Start of Dataset entries

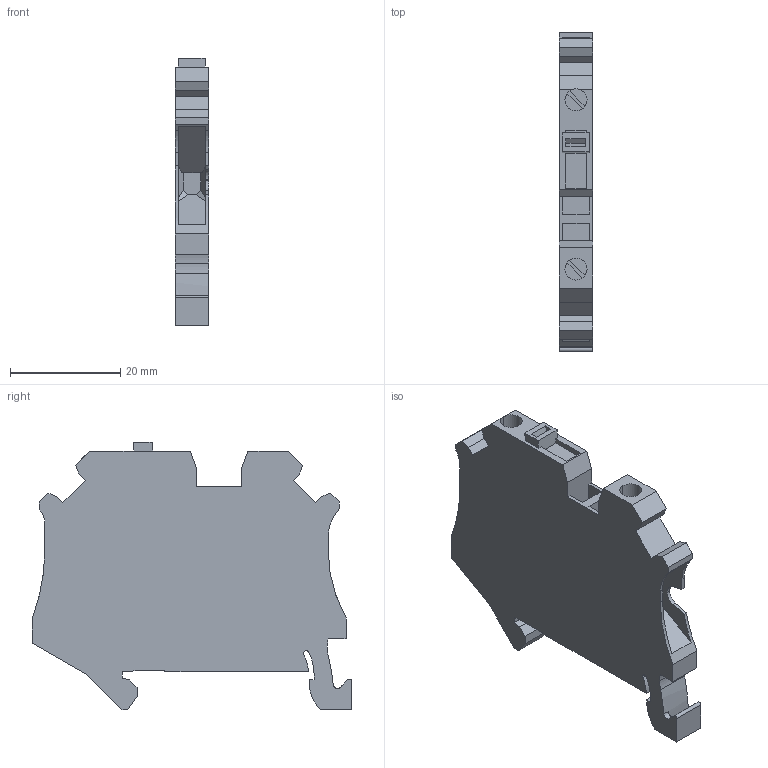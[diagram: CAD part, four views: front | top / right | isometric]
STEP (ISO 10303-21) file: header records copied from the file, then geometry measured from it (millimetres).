
FILE_DESCRIPTION(('STEP AP214'),'1');
FILE_NAME('cctmp_FCDF93EB-9BC6-4BF6-8E1D-B59A7D5DABC3_2023_07_24_09_23_39_0605..stp','2023-07-24T07:23:39',('SIEMENS A&D'),('CADClick - www.CADClick.com'),'Spatial InterOp 3D postprocessed',' ','unknown authorization');
FILE_SCHEMA(('AUTOMOTIVE_DESIGN'));
Length unit declared in the file: millimetre
Products named in the file (1): 2023_07_24_09_23_39_0599
Bounding box: 6.15 x 57.8 x 48.45 mm (x, y, z)
Volume: 10951.9 mm3; surface area: 6696.1 mm2
Topology: 1 solids, 1 shells, 157 faces, 448 edges, 296 vertices
Faces by surface type: plane 127, cylinder 30
Entity records: 5578 total; most frequent: CARTESIAN_POINT 902, ORIENTED_EDGE 896, DIRECTION 839, EDGE_CURVE 448, LINE 373, VECTOR 373, VERTEX_POINT 296, AXIS2_PLACEMENT_3D 233
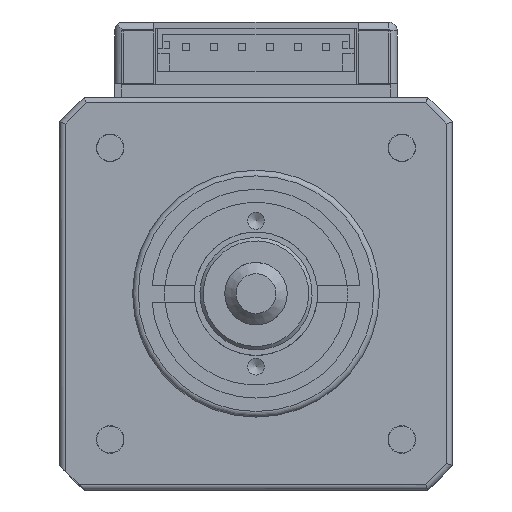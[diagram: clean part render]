
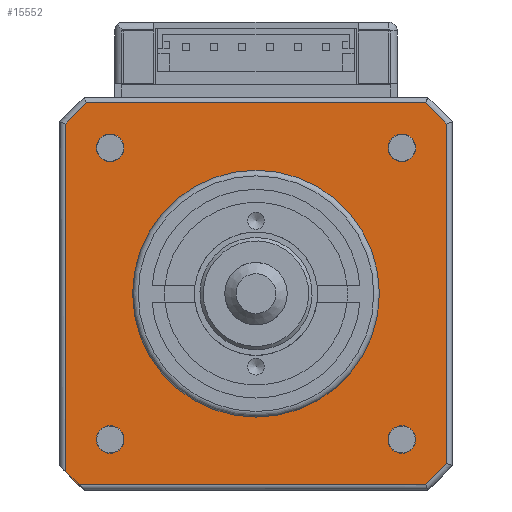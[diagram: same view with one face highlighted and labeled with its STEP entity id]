
A CAD part, front view. The second image highlights one B-rep face of the part: STEP entity #15552.
In plain terms, the highlighted planar face has unit normal (0, -1, 0).
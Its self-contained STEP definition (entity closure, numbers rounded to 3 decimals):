
#15016=CARTESIAN_POINT('',(14.23,0.0,13.));
#15017=VERTEX_POINT('',#15016);
#15018=CARTESIAN_POINT('',(13.0,0.0,13.));
#15019=DIRECTION('',(0.0,1.0,0.0));
#15020=DIRECTION('',(1.0,0.0,0.0));
#15021=AXIS2_PLACEMENT_3D('',#15018,#15019,#15020);
#15022=CIRCLE('',#15021,1.23);
#15023=EDGE_CURVE('',#15017,#15017,#15022,.T.);
#15036=CARTESIAN_POINT('',(-11.77,0.0,-13.));
#15037=VERTEX_POINT('',#15036);
#15038=CARTESIAN_POINT('',(-13.0,0.0,-13.));
#15039=DIRECTION('',(0.0,1.0,0.0));
#15040=DIRECTION('',(1.0,0.0,0.0));
#15041=AXIS2_PLACEMENT_3D('',#15038,#15039,#15040);
#15042=CIRCLE('',#15041,1.23);
#15043=EDGE_CURVE('',#15037,#15037,#15042,.T.);
#15056=CARTESIAN_POINT('',(-11.77,0.0,13.));
#15057=VERTEX_POINT('',#15056);
#15058=CARTESIAN_POINT('',(-13.0,0.0,13.));
#15059=DIRECTION('',(0.0,1.0,0.0));
#15060=DIRECTION('',(1.0,0.0,0.0));
#15061=AXIS2_PLACEMENT_3D('',#15058,#15059,#15060);
#15062=CIRCLE('',#15061,1.23);
#15063=EDGE_CURVE('',#15057,#15057,#15062,.T.);
#15076=CARTESIAN_POINT('',(14.23,0.0,-13.0));
#15077=VERTEX_POINT('',#15076);
#15078=CARTESIAN_POINT('',(13.,0.0,-13.0));
#15079=DIRECTION('',(0.0,1.0,0.0));
#15080=DIRECTION('',(1.0,0.0,0.0));
#15081=AXIS2_PLACEMENT_3D('',#15078,#15079,#15080);
#15082=CIRCLE('',#15081,1.23);
#15083=EDGE_CURVE('',#15077,#15077,#15082,.T.);
#15201=CARTESIAN_POINT('',(11.0,0.0,0.));
#15202=VERTEX_POINT('',#15201);
#15203=CARTESIAN_POINT('',(0.0,0.0,0.0));
#15204=DIRECTION('',(0.0,1.0,0.0));
#15205=DIRECTION('',(-1.0,0.0,0.0));
#15206=AXIS2_PLACEMENT_3D('',#15203,#15204,#15205);
#15207=CIRCLE('',#15206,11.0);
#15208=EDGE_CURVE('',#15202,#15202,#15207,.T.);
#15242=CARTESIAN_POINT('',(-17.,0.0,-15.861));
#15243=VERTEX_POINT('',#15242);
#15259=CARTESIAN_POINT('',(-17.0,0.0,15.118));
#15260=VERTEX_POINT('',#15259);
#15261=CARTESIAN_POINT('',(-17.,0.0,-15.861));
#15262=DIRECTION('',(0.0,0.0,1.0));
#15263=VECTOR('',#15262,30.979);
#15264=LINE('',#15261,#15263);
#15265=EDGE_CURVE('',#15243,#15260,#15264,.T.);
#15292=CARTESIAN_POINT('',(-15.118,0.0,17.));
#15293=VERTEX_POINT('',#15292);
#15294=CARTESIAN_POINT('',(15.118,0.0,17.));
#15295=VERTEX_POINT('',#15294);
#15296=CARTESIAN_POINT('',(-15.118,0.0,17.));
#15297=DIRECTION('',(1.0,0.0,0.0));
#15298=VECTOR('',#15297,30.237);
#15299=LINE('',#15296,#15298);
#15300=EDGE_CURVE('',#15293,#15295,#15299,.T.);
#15345=CARTESIAN_POINT('',(17.,0.0,15.118));
#15346=VERTEX_POINT('',#15345);
#15347=CARTESIAN_POINT('',(0.0,0.0,0.0));
#15348=DIRECTION('',(0.0,1.0,0.0));
#15349=DIRECTION('',(0.707,0.0,0.707));
#15350=AXIS2_PLACEMENT_3D('',#15347,#15348,#15349);
#15351=CIRCLE('',#15350,22.75);
#15352=EDGE_CURVE('',#15295,#15346,#15351,.T.);
#15387=CARTESIAN_POINT('',(17.0,0.0,-15.118));
#15388=VERTEX_POINT('',#15387);
#15389=CARTESIAN_POINT('',(17.,0.0,15.118));
#15390=DIRECTION('',(0.0,0.0,-1.0));
#15391=VECTOR('',#15390,30.237);
#15392=LINE('',#15389,#15391);
#15393=EDGE_CURVE('',#15346,#15388,#15392,.T.);
#15422=CARTESIAN_POINT('',(15.118,0.0,-17.));
#15423=VERTEX_POINT('',#15422);
#15424=CARTESIAN_POINT('',(0.0,0.0,0.0));
#15425=DIRECTION('',(0.0,1.0,0.0));
#15426=DIRECTION('',(0.707,0.0,-0.707));
#15427=AXIS2_PLACEMENT_3D('',#15424,#15425,#15426);
#15428=CIRCLE('',#15427,22.75);
#15429=EDGE_CURVE('',#15388,#15423,#15428,.T.);
#15464=CARTESIAN_POINT('',(-15.861,0.0,-17.));
#15465=VERTEX_POINT('',#15464);
#15466=CARTESIAN_POINT('',(15.118,0.0,-17.));
#15467=DIRECTION('',(-1.0,0.0,0.0));
#15468=VECTOR('',#15467,30.979);
#15469=LINE('',#15466,#15468);
#15470=EDGE_CURVE('',#15423,#15465,#15469,.T.);
#15497=CARTESIAN_POINT('',(0.0,0.0,0.0));
#15498=DIRECTION('',(0.0,1.0,0.0));
#15499=DIRECTION('',(-0.707,0.0,0.707));
#15500=AXIS2_PLACEMENT_3D('',#15497,#15498,#15499);
#15501=CIRCLE('',#15500,22.75);
#15502=EDGE_CURVE('',#15260,#15293,#15501,.T.);
#15516=CARTESIAN_POINT('',(0.,0.0,0.));
#15517=DIRECTION('',(0.0,1.0,0.0));
#15518=DIRECTION('',(0.0,0.0,1.0));
#15519=AXIS2_PLACEMENT_3D('',#15516,#15517,#15518);
#15520=PLANE('',#15519);
#15521=ORIENTED_EDGE('',*,*,#15470,.F.);
#15522=ORIENTED_EDGE('',*,*,#15429,.F.);
#15523=ORIENTED_EDGE('',*,*,#15393,.F.);
#15524=ORIENTED_EDGE('',*,*,#15352,.F.);
#15525=ORIENTED_EDGE('',*,*,#15300,.F.);
#15526=ORIENTED_EDGE('',*,*,#15502,.F.);
#15527=ORIENTED_EDGE('',*,*,#15265,.F.);
#15528=CARTESIAN_POINT('',(0.0,0.0,0.0));
#15529=DIRECTION('',(0.0,1.0,0.0));
#15530=DIRECTION('',(-0.658,0.0,-0.753));
#15531=AXIS2_PLACEMENT_3D('',#15528,#15529,#15530);
#15532=CIRCLE('',#15531,23.25);
#15533=EDGE_CURVE('',#15465,#15243,#15532,.T.);
#15534=ORIENTED_EDGE('',*,*,#15533,.F.);
#15535=EDGE_LOOP('',(#15521,#15522,#15523,#15524,#15525,#15526,#15527,#15534));
#15536=FACE_OUTER_BOUND('',#15535,.T.);
#15537=ORIENTED_EDGE('',*,*,#15208,.T.);
#15538=EDGE_LOOP('',(#15537));
#15539=FACE_BOUND('',#15538,.T.);
#15540=ORIENTED_EDGE('',*,*,#15023,.T.);
#15541=EDGE_LOOP('',(#15540));
#15542=FACE_BOUND('',#15541,.T.);
#15543=ORIENTED_EDGE('',*,*,#15043,.T.);
#15544=EDGE_LOOP('',(#15543));
#15545=FACE_BOUND('',#15544,.T.);
#15546=ORIENTED_EDGE('',*,*,#15063,.T.);
#15547=EDGE_LOOP('',(#15546));
#15548=FACE_BOUND('',#15547,.T.);
#15549=ORIENTED_EDGE('',*,*,#15083,.T.);
#15550=EDGE_LOOP('',(#15549));
#15551=FACE_BOUND('',#15550,.T.);
#15552=ADVANCED_FACE('',(#15536,#15539,#15542,#15545,#15548,#15551),#15520,.F.);
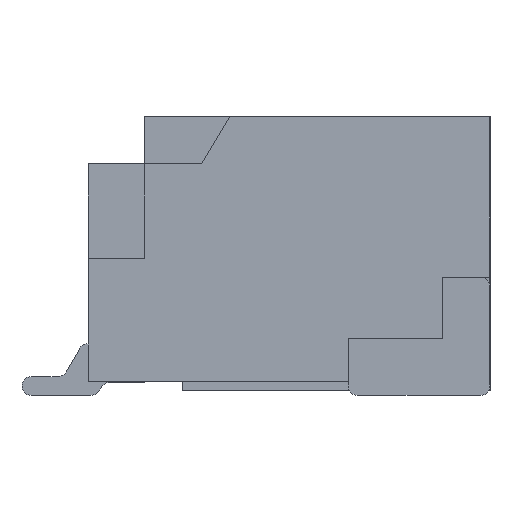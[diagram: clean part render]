
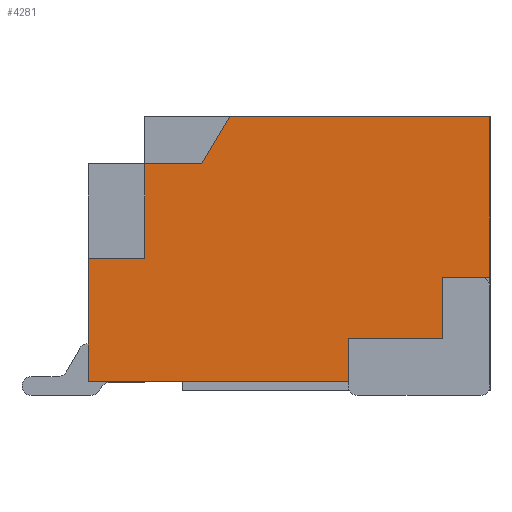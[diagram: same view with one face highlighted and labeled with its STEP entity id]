
A CAD part, left-side view. The second image highlights one B-rep face of the part: STEP entity #4281.
In plain terms, the highlighted planar face has unit normal (-1, 0, 0).
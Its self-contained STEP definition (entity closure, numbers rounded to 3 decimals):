
#4281=ADVANCED_FACE('',(#9562),#9564,.T.);
#9562=FACE_BOUND('',#9563,.T.);
#9563=EDGE_LOOP('',(#13899,#13900,#13901,#13902,#13903,#13904,#13905,#13906,#13907,
#13908,#13909,#13910));
#9564=PLANE('',#9565);
#9565=AXIS2_PLACEMENT_3D('',#9566,#9567,#9568);
#9566=CARTESIAN_POINT('',(-1.5,0.,0.));
#9567=DIRECTION('',(-1.,0.,0.));
#9568=DIRECTION('',(0.,0.,1.));
#13899=ORIENTED_EDGE('',*,*,#16717,.T.);
#13900=ORIENTED_EDGE('',*,*,#16718,.T.);
#13901=ORIENTED_EDGE('',*,*,#16719,.T.);
#13902=ORIENTED_EDGE('',*,*,#16590,.T.);
#13903=ORIENTED_EDGE('',*,*,#16720,.T.);
#13904=ORIENTED_EDGE('',*,*,#16721,.T.);
#13905=ORIENTED_EDGE('',*,*,#16722,.T.);
#13906=ORIENTED_EDGE('',*,*,#16723,.T.);
#13907=ORIENTED_EDGE('',*,*,#16566,.T.);
#13908=ORIENTED_EDGE('',*,*,#16716,.T.);
#13909=ORIENTED_EDGE('',*,*,#16724,.T.);
#13910=ORIENTED_EDGE('',*,*,#16725,.T.);
#16566=EDGE_CURVE('',#19426,#19424,#19427,.T.);
#16590=EDGE_CURVE('',#19473,#19471,#19474,.T.);
#16716=EDGE_CURVE('',#19424,#19713,#19715,.T.);
#16717=EDGE_CURVE('',#19716,#19717,#19718,.F.);
#16718=EDGE_CURVE('',#19717,#19719,#19720,.F.);
#16719=EDGE_CURVE('',#19719,#19473,#19721,.T.);
#16720=EDGE_CURVE('',#19471,#19722,#19723,.F.);
#16721=EDGE_CURVE('',#19722,#19724,#19725,.F.);
#16722=EDGE_CURVE('',#19724,#19726,#19727,.F.);
#16723=EDGE_CURVE('',#19726,#19426,#19728,.F.);
#16724=EDGE_CURVE('',#19713,#19729,#19730,.F.);
#16725=EDGE_CURVE('',#19729,#19716,#19731,.F.);
#19424=VERTEX_POINT('',#25516);
#19426=VERTEX_POINT('',#25520);
#19427=LINE('',#25521,#25522);
#19471=VERTEX_POINT('',#25611);
#19473=VERTEX_POINT('',#25615);
#19474=LINE('',#25616,#25617);
#19713=VERTEX_POINT('',#26105);
#19715=LINE('',#26109,#26110);
#19716=VERTEX_POINT('',#26112);
#19717=VERTEX_POINT('',#26113);
#19718=LINE('',#26114,#26115);
#19719=VERTEX_POINT('',#26117);
#19720=LINE('',#26118,#26119);
#19721=LINE('',#26121,#26122);
#19722=VERTEX_POINT('',#26124);
#19723=LINE('',#26125,#26126);
#19724=VERTEX_POINT('',#26128);
#19725=LINE('',#26129,#26130);
#19726=VERTEX_POINT('',#26132);
#19727=LINE('',#26133,#26134);
#19728=LINE('',#26136,#26137);
#19729=VERTEX_POINT('',#26139);
#19730=LINE('',#26140,#26141);
#19731=LINE('',#26143,#26144);
#25516=CARTESIAN_POINT('',(-1.5,-4.25,2.9));
#25520=CARTESIAN_POINT('',(-1.5,-4.25,1.2));
#25521=CARTESIAN_POINT('',(-1.5,-4.25,1.2));
#25522=VECTOR('',#25523,1.);
#25523=DIRECTION('',(0.,0.,1.));
#25611=CARTESIAN_POINT('',(-1.5,-2.75,0.1));
#25615=CARTESIAN_POINT('',(-1.5,0.,0.1));
#25616=CARTESIAN_POINT('',(-1.5,0.,0.1));
#25617=VECTOR('',#25618,1.);
#25618=DIRECTION('',(0.,-1.,0.));
#26105=CARTESIAN_POINT('',(-1.5,-1.5,2.9));
#26109=CARTESIAN_POINT('',(-1.5,-4.25,2.9));
#26110=VECTOR('',#26111,1.);
#26111=DIRECTION('',(0.,1.,0.));
#26112=CARTESIAN_POINT('',(-1.5,-0.6,2.4));
#26113=CARTESIAN_POINT('',(-1.5,-0.6,1.4));
#26114=CARTESIAN_POINT('',(-1.5,-0.6,1.4));
#26115=VECTOR('',#26116,1.);
#26116=DIRECTION('',(0.,0.,1.));
#26117=CARTESIAN_POINT('',(-1.5,0.,1.4));
#26118=CARTESIAN_POINT('',(-1.5,0.,1.4));
#26119=VECTOR('',#26120,1.);
#26120=DIRECTION('',(0.,-1.,0.));
#26121=CARTESIAN_POINT('',(-1.5,0.,1.4));
#26122=VECTOR('',#26123,1.);
#26123=DIRECTION('',(0.,0.,-1.));
#26124=CARTESIAN_POINT('',(-1.5,-2.75,0.55));
#26125=CARTESIAN_POINT('',(-1.5,-2.75,0.55));
#26126=VECTOR('',#26127,1.);
#26127=DIRECTION('',(0.,0.,-1.));
#26128=CARTESIAN_POINT('',(-1.5,-3.75,0.55));
#26129=CARTESIAN_POINT('',(-1.5,-3.75,0.55));
#26130=VECTOR('',#26131,1.);
#26131=DIRECTION('',(0.,1.,0.));
#26132=CARTESIAN_POINT('',(-1.5,-3.75,1.2));
#26133=CARTESIAN_POINT('',(-1.5,-3.75,1.2));
#26134=VECTOR('',#26135,1.);
#26135=DIRECTION('',(0.,0.,-1.));
#26136=CARTESIAN_POINT('',(-1.5,-4.25,1.2));
#26137=VECTOR('',#26138,1.);
#26138=DIRECTION('',(0.,1.,0.));
#26139=CARTESIAN_POINT('',(-1.5,-1.2,2.4));
#26140=CARTESIAN_POINT('',(-1.5,-1.2,2.4));
#26141=VECTOR('',#26142,1.);
#26142=DIRECTION('',(0.,-0.514,0.857));
#26143=CARTESIAN_POINT('',(-1.5,-0.6,2.4));
#26144=VECTOR('',#26145,1.);
#26145=DIRECTION('',(0.,-1.,0.));
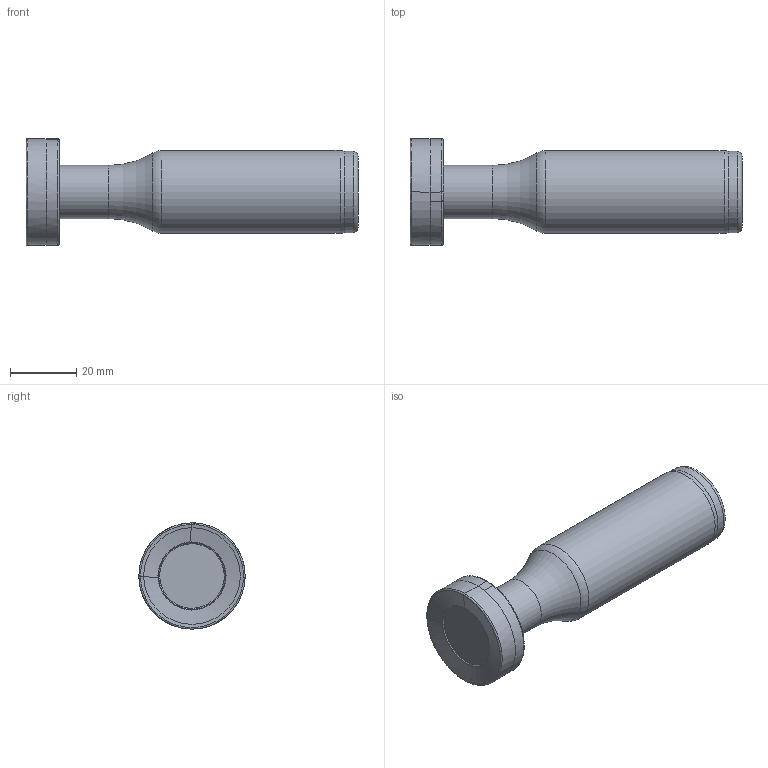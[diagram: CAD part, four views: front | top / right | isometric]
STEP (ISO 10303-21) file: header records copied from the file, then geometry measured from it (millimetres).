
FILE_DESCRIPTION(/* description */ (''),/* implementation_level */ '2;1');
FILE_NAME(/* name */ 'ATSM90-CC06-D32X10-W25-L100-Z04.stp',/* time_stamp */ '2023-10-02T16:59:02+03:00',/* author */ (''),/* organization */ (''),/* preprocessor_version */ 'ST-DEVELOPER v19.4',/* originating_system */ 'SIEMENS PLM Software NX2306.5001',/* authorisation */ '');
FILE_SCHEMA (('AUTOMOTIVE_DESIGN { 1 0 10303 214 3 1 1 1 }'));
Length unit declared in the file: millimetre
Products named in the file (1): ATSM90-CC06-D32X10-W25-L100-Z04-LIGHT_x_t_objects
Bounding box: 100 x 32 x 32 mm (x, y, z)
Volume: 47732.4 mm3; surface area: 11516.2 mm2
Topology: 2 solids, 2 shells, 44 faces, 91 edges, 50 vertices
Faces by surface type: bspline 28, torus 5, cone 4, cylinder 4, plane 3
Full cylindrical faces by diameter (mm): 16 x1, 24.5 x1, 25 x1, 31 x1
Entity records: 1470 total; most frequent: CARTESIAN_POINT 641, DIRECTION 164, ORIENTED_EDGE 156, EDGE_CURVE 78, AXIS2_PLACEMENT_3D 76, CIRCLE 59, EDGE_LOOP 58, VERTEX_POINT 50
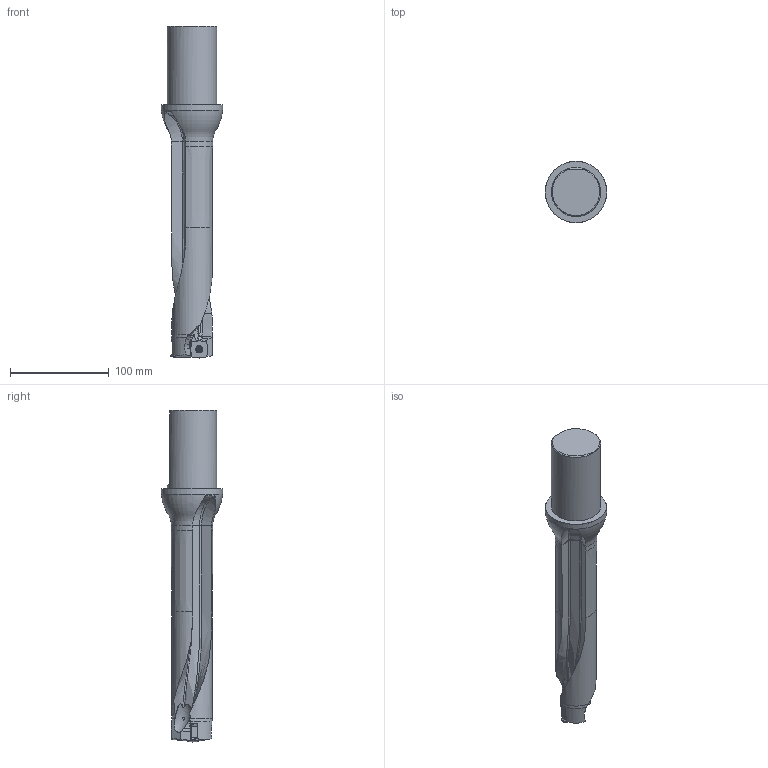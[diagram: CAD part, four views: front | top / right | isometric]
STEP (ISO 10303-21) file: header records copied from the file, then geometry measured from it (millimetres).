
FILE_DESCRIPTION(/* description */ (''),/* implementation_level */ '2;1');
FILE_NAME(/* name */ 'toolassembly_1.stp',/* time_stamp */ '2020-05-13T09:25:24+02:00',/* author */ (''),/* organization */ ('SMS'),/* preprocessor_version */ 'ST-DEVELOPER v16.7',/* originating_system */ 'SIEMENS PLM Software NX 12.0',/* authorisation */ '');
FILE_SCHEMA (('AUTOMOTIVE_DESIGN { 1 0 10303 214 3 1 1 1 }'));
Length unit declared in the file: millimetre
Products named in the file (5): CUT_20200513092244; CUT_20200513092240; NOCUT_20200513092052; ASSEMBLY_CONSTRUCTION; TOOLASSEMBLY_1
Assembly tree (4 placements, depth 2):
  TOOLASSEMBLY_1
    ASSEMBLY_CONSTRUCTION
    NOCUT_20200513092052
    CUT_20200513092240
    CUT_20200513092244
Bounding box: 62.5 x 62.5 x 336.98 mm (x, y, z)
Volume: 392345.8 mm3; surface area: 61174.2 mm2
Topology: 3 solids, 3 shells, 274 faces, 727 edges, 474 vertices
Faces by surface type: plane 113, cylinder 62, cone 33, extrusion 30, bspline 23, torus 8, revolution 5
Full cylindrical faces by diameter (mm): 3.5 x2, 4 x1, 4.7 x2, 5.7 x2, 49.992 x1, 62.5 x1
Entity records: 12119 total; most frequent: CARTESIAN_POINT 5469, ORIENTED_EDGE 1390, DIRECTION 1237, EDGE_CURVE 695, AXIS2_PLACEMENT_3D 474, VERTEX_POINT 457, EDGE_LOOP 306, VECTOR 284

End of Dataset entries

Task requirements: The entries above hold a line with "#19720=LINE('',#26118,#26119);" and a later line with "#26137=VECTOR('',#26138,1.);". Write out exactly those lines and all lines between, nothing more.

Solution:
#19720=LINE('',#26118,#26119);
#19721=LINE('',#26121,#26122);
#19722=VERTEX_POINT('',#26124);
#19723=LINE('',#26125,#26126);
#19724=VERTEX_POINT('',#26128);
#19725=LINE('',#26129,#26130);
#19726=VERTEX_POINT('',#26132);
#19727=LINE('',#26133,#26134);
#19728=LINE('',#26136,#26137);
#19729=VERTEX_POINT('',#26139);
#19730=LINE('',#26140,#26141);
#19731=LINE('',#26143,#26144);
#25516=CARTESIAN_POINT('',(-1.5,-4.25,2.9));
#25520=CARTESIAN_POINT('',(-1.5,-4.25,1.2));
#25521=CARTESIAN_POINT('',(-1.5,-4.25,1.2));
#25522=VECTOR('',#25523,1.);
#25523=DIRECTION('',(0.,0.,1.));
#25611=CARTESIAN_POINT('',(-1.5,-2.75,0.1));
#25615=CARTESIAN_POINT('',(-1.5,0.,0.1));
#25616=CARTESIAN_POINT('',(-1.5,0.,0.1));
#25617=VECTOR('',#25618,1.);
#25618=DIRECTION('',(0.,-1.,0.));
#26105=CARTESIAN_POINT('',(-1.5,-1.5,2.9));
#26109=CARTESIAN_POINT('',(-1.5,-4.25,2.9));
#26110=VECTOR('',#26111,1.);
#26111=DIRECTION('',(0.,1.,0.));
#26112=CARTESIAN_POINT('',(-1.5,-0.6,2.4));
#26113=CARTESIAN_POINT('',(-1.5,-0.6,1.4));
#26114=CARTESIAN_POINT('',(-1.5,-0.6,1.4));
#26115=VECTOR('',#26116,1.);
#26116=DIRECTION('',(0.,0.,1.));
#26117=CARTESIAN_POINT('',(-1.5,0.,1.4));
#26118=CARTESIAN_POINT('',(-1.5,0.,1.4));
#26119=VECTOR('',#26120,1.);
#26120=DIRECTION('',(0.,-1.,0.));
#26121=CARTESIAN_POINT('',(-1.5,0.,1.4));
#26122=VECTOR('',#26123,1.);
#26123=DIRECTION('',(0.,0.,-1.));
#26124=CARTESIAN_POINT('',(-1.5,-2.75,0.55));
#26125=CARTESIAN_POINT('',(-1.5,-2.75,0.55));
#26126=VECTOR('',#26127,1.);
#26127=DIRECTION('',(0.,0.,-1.));
#26128=CARTESIAN_POINT('',(-1.5,-3.75,0.55));
#26129=CARTESIAN_POINT('',(-1.5,-3.75,0.55));
#26130=VECTOR('',#26131,1.);
#26131=DIRECTION('',(0.,1.,0.));
#26132=CARTESIAN_POINT('',(-1.5,-3.75,1.2));
#26133=CARTESIAN_POINT('',(-1.5,-3.75,1.2));
#26134=VECTOR('',#26135,1.);
#26135=DIRECTION('',(0.,0.,-1.));
#26136=CARTESIAN_POINT('',(-1.5,-4.25,1.2));
#26137=VECTOR('',#26138,1.);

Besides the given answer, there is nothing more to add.